Exactly the lines from the first line of the records to the line holding "The image shows 42" should be duplicated, and nothing more; pictures stay out.

(Items listed in a dataset)
• • • • • • •

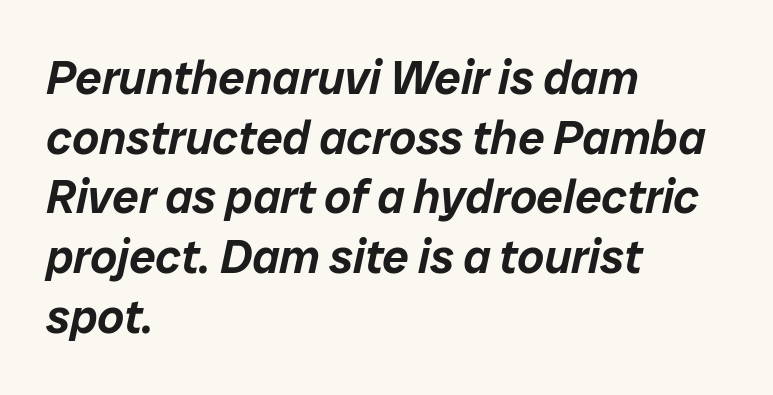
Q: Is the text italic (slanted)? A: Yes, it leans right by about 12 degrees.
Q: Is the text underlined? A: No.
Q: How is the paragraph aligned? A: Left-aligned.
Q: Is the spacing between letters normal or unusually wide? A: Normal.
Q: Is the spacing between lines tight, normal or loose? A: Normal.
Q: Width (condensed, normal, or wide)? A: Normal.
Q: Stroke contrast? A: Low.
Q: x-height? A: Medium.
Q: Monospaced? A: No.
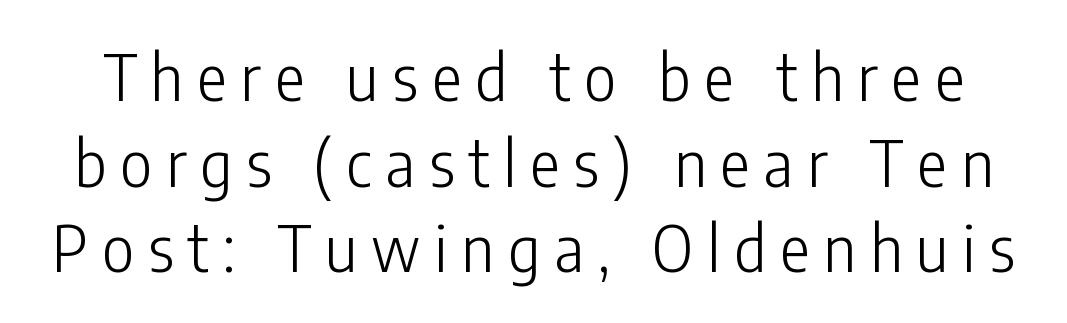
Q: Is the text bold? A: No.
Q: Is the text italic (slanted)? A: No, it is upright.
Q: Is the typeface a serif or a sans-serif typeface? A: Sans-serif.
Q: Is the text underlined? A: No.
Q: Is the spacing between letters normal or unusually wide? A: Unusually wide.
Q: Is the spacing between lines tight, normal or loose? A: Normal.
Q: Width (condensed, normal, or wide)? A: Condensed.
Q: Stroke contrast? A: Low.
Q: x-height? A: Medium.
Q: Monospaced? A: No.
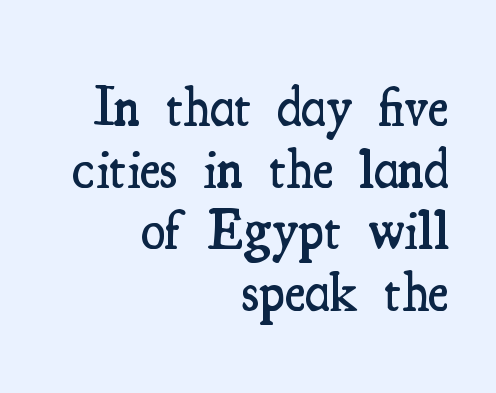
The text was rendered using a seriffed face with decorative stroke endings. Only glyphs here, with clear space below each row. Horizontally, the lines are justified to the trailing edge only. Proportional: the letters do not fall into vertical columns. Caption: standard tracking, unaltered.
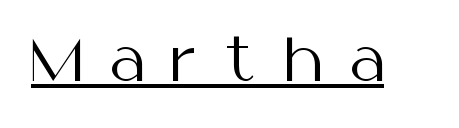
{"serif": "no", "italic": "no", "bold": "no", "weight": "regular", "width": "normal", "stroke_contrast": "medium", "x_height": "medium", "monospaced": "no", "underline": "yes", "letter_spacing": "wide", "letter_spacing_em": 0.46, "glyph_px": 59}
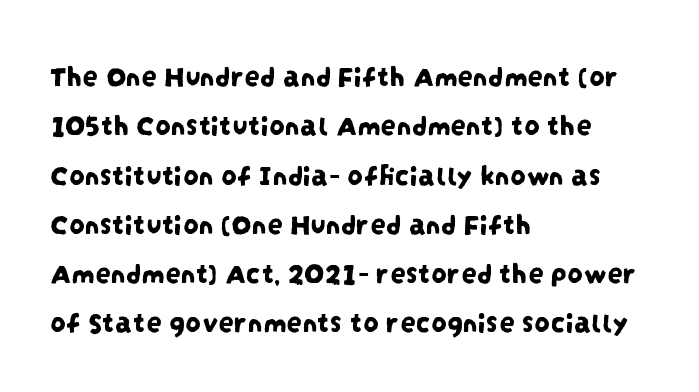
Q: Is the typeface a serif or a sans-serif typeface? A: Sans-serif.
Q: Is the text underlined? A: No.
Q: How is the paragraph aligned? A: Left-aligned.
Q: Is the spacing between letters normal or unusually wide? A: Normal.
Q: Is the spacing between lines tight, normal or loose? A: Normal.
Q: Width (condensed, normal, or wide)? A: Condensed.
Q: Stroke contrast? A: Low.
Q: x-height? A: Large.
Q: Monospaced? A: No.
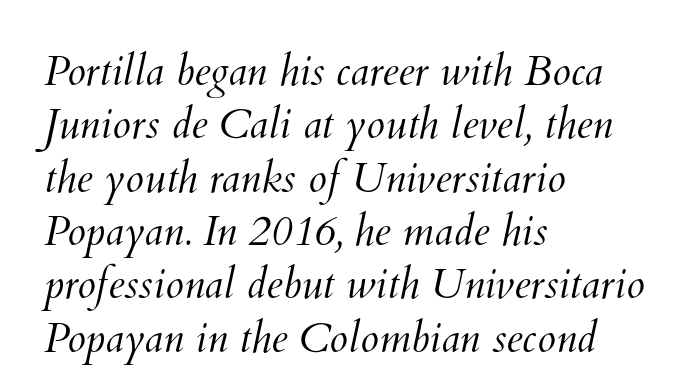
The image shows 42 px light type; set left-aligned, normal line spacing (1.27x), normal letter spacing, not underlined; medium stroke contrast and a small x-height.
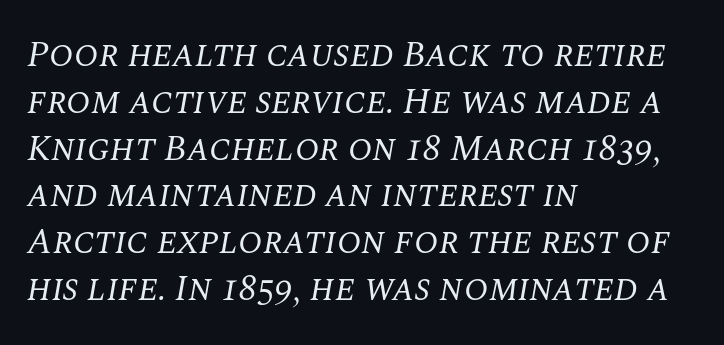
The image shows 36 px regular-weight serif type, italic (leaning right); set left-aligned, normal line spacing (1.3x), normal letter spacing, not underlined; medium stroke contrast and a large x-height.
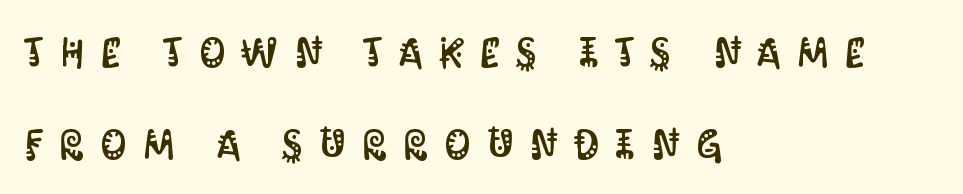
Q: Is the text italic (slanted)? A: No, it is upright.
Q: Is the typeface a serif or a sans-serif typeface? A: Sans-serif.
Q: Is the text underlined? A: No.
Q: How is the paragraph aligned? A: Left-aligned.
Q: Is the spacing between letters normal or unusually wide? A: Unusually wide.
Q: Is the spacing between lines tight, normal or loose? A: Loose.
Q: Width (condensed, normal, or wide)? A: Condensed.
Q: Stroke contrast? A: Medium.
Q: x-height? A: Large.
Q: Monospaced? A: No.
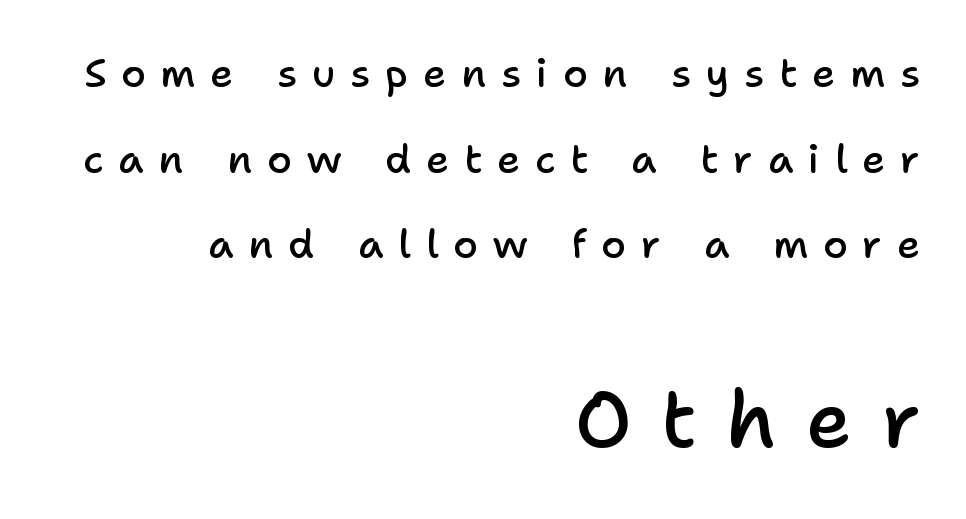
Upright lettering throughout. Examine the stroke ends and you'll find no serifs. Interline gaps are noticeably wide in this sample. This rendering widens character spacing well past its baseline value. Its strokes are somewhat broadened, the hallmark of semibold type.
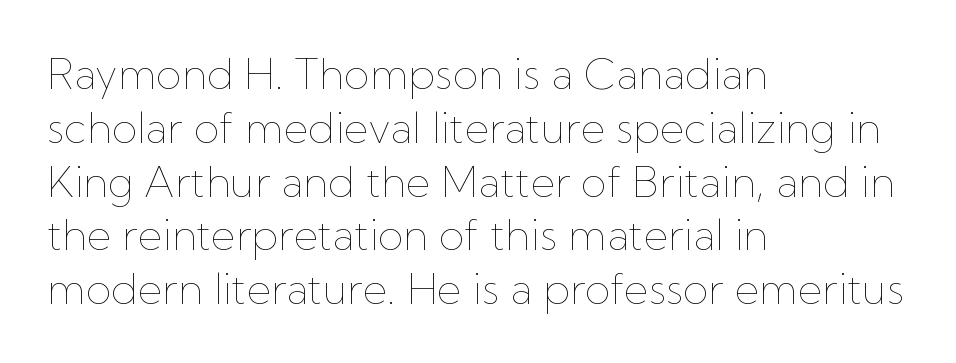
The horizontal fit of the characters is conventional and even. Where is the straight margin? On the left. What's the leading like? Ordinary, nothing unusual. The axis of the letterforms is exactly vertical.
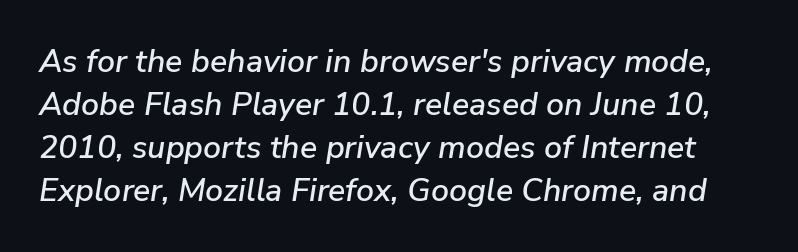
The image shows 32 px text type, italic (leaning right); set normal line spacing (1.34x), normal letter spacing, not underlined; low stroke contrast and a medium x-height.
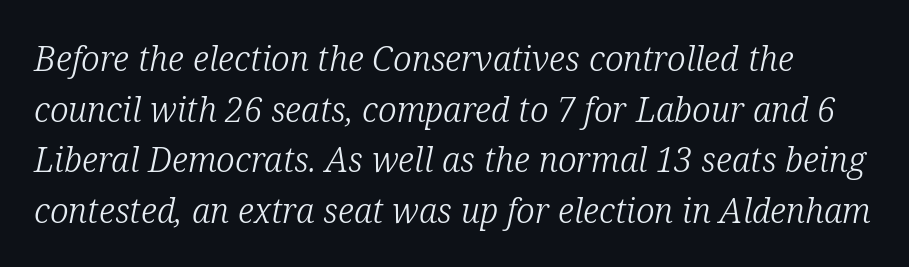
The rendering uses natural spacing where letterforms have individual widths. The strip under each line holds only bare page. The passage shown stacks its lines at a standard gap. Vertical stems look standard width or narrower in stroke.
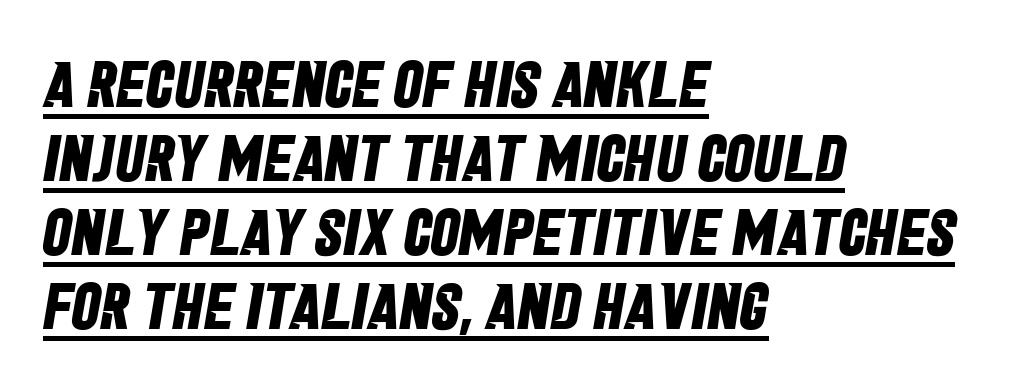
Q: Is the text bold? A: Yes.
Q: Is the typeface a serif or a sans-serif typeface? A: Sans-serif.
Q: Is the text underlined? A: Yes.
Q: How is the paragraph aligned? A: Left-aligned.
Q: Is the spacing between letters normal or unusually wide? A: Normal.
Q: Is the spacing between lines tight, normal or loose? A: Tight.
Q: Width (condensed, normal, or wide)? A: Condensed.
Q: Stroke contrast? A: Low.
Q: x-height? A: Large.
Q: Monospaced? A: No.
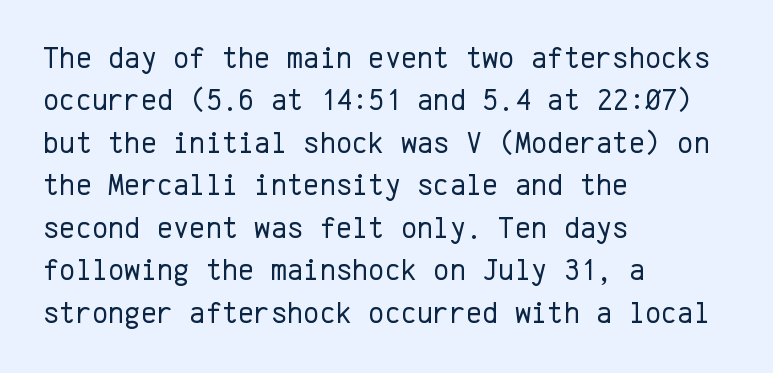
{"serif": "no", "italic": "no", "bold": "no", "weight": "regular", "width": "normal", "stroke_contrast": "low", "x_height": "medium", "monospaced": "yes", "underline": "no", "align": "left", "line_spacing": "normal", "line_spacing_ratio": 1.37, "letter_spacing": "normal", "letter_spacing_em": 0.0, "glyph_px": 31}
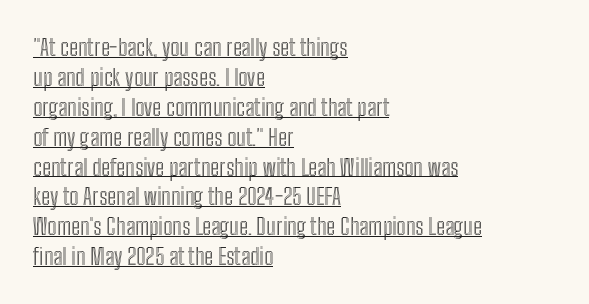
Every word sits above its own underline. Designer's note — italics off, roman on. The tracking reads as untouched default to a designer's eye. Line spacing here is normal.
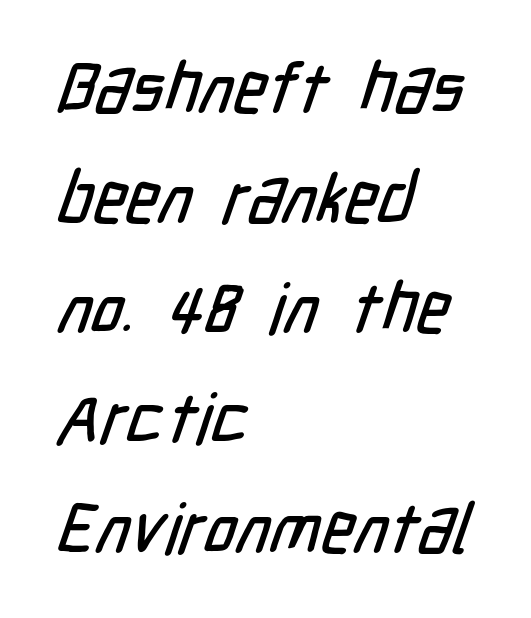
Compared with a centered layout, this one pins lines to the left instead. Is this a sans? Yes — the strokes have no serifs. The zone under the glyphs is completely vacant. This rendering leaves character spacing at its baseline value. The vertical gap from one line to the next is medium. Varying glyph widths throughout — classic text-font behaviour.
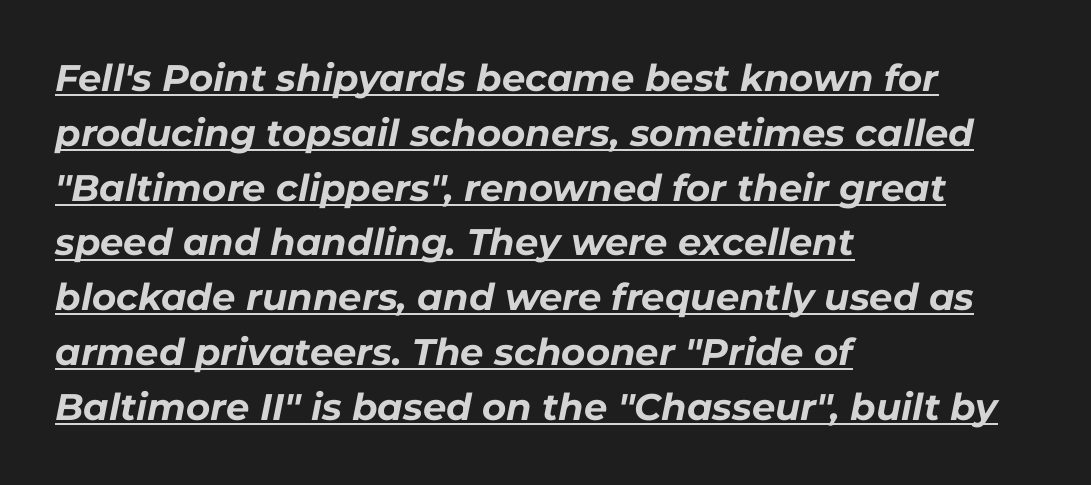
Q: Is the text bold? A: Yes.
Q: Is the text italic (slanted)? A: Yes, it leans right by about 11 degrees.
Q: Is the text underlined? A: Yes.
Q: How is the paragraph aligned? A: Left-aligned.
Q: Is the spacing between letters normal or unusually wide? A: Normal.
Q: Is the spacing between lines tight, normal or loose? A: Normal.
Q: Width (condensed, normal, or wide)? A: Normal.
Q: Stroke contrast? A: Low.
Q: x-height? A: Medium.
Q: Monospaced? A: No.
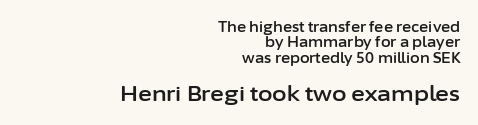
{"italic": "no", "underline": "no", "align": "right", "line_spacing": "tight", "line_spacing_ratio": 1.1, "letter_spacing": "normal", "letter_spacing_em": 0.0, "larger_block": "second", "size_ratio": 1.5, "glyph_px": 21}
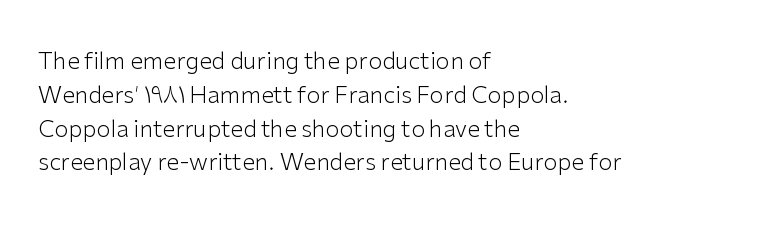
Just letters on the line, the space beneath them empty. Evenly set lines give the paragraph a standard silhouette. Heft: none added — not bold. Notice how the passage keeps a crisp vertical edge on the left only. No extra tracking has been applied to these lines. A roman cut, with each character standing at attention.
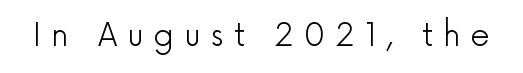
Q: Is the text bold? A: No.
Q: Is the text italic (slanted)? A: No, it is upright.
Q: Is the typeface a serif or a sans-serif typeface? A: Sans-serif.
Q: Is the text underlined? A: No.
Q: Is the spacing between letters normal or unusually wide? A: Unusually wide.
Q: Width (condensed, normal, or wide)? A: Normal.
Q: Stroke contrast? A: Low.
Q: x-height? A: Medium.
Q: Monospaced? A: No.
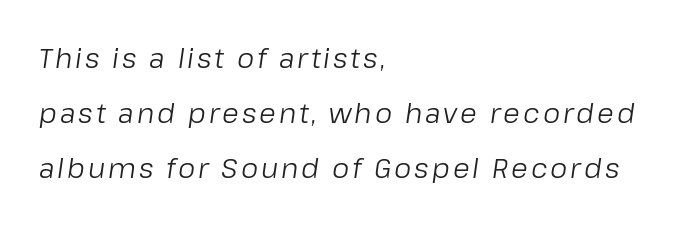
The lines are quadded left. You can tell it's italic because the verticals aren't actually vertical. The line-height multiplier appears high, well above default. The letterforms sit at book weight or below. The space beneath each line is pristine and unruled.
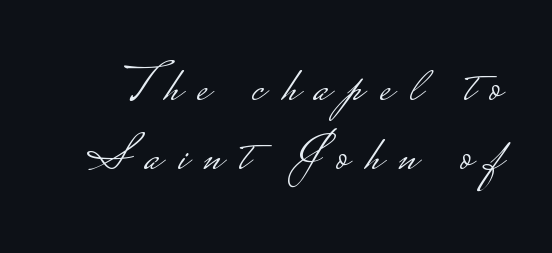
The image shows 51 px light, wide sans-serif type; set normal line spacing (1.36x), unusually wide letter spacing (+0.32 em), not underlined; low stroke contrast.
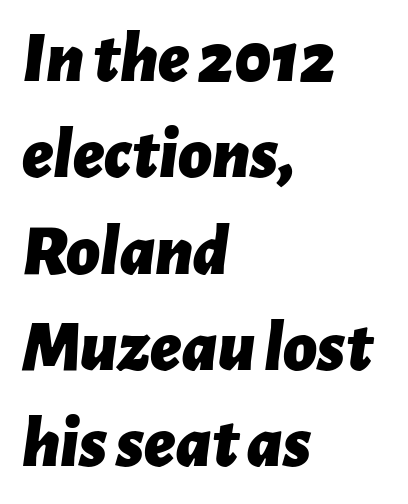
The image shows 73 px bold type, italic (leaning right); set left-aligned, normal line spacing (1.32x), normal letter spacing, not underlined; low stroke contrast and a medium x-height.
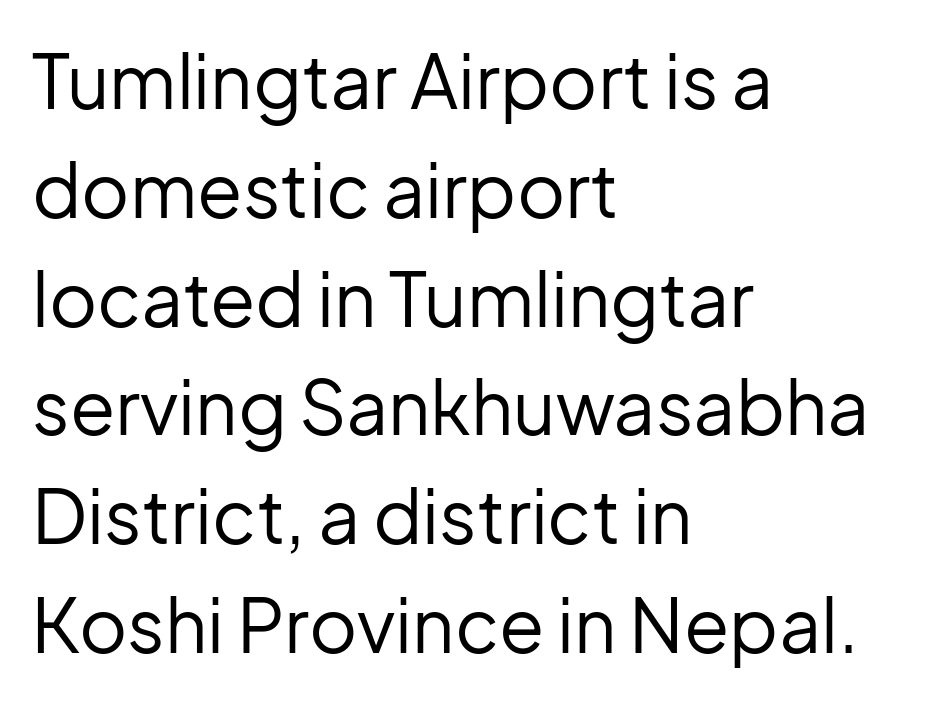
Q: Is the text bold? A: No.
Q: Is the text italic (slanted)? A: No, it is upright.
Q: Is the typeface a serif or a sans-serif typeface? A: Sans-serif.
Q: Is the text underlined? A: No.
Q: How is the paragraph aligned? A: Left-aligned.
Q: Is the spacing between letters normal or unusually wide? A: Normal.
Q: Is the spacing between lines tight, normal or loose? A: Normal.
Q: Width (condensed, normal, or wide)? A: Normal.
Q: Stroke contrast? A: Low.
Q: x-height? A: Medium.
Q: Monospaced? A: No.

• • • • • • •

### Solution below
Q: Is the text italic (slanted)? A: Yes, it leans right by about 12 degrees.
Q: Is the text underlined? A: No.
Q: How is the paragraph aligned? A: Left-aligned.
Q: Is the spacing between letters normal or unusually wide? A: Normal.
Q: Is the spacing between lines tight, normal or loose? A: Normal.
Q: Width (condensed, normal, or wide)? A: Normal.
Q: Stroke contrast? A: Low.
Q: x-height? A: Medium.
Q: Monospaced? A: No.
Q: Is the text bold? A: No.
Q: Is the text italic (slanted)? A: No, it is upright.
Q: Is the typeface a serif or a sans-serif typeface? A: Sans-serif.
Q: Is the text underlined? A: No.
Q: Is the spacing between letters normal or unusually wide? A: Unusually wide.
Q: Is the spacing between lines tight, normal or loose? A: Normal.
Q: Width (condensed, normal, or wide)? A: Condensed.
Q: Stroke contrast? A: Low.
Q: x-height? A: Medium.
Q: Monospaced? A: No.
The text was rendered using a seriffed face with decorative stroke endings. Only glyphs here, with clear space below each row. Horizontally, the lines are justified to the trailing edge only. Proportional: the letters do not fall into vertical columns. Caption: standard tracking, unaltered.
{"serif": "no", "italic": "no", "bold": "no", "weight": "regular", "width": "normal", "stroke_contrast": "medium", "x_height": "medium", "monospaced": "no", "underline": "yes", "letter_spacing": "wide", "letter_spacing_em": 0.46, "glyph_px": 59}
Q: Is the typeface a serif or a sans-serif typeface? A: Sans-serif.
Q: Is the text underlined? A: No.
Q: How is the paragraph aligned? A: Left-aligned.
Q: Is the spacing between letters normal or unusually wide? A: Normal.
Q: Is the spacing between lines tight, normal or loose? A: Normal.
Q: Width (condensed, normal, or wide)? A: Condensed.
Q: Stroke contrast? A: Low.
Q: x-height? A: Large.
Q: Monospaced? A: No.
The image shows 42 px light type; set left-aligned, normal line spacing (1.27x), normal letter spacing, not underlined; medium stroke contrast and a small x-height.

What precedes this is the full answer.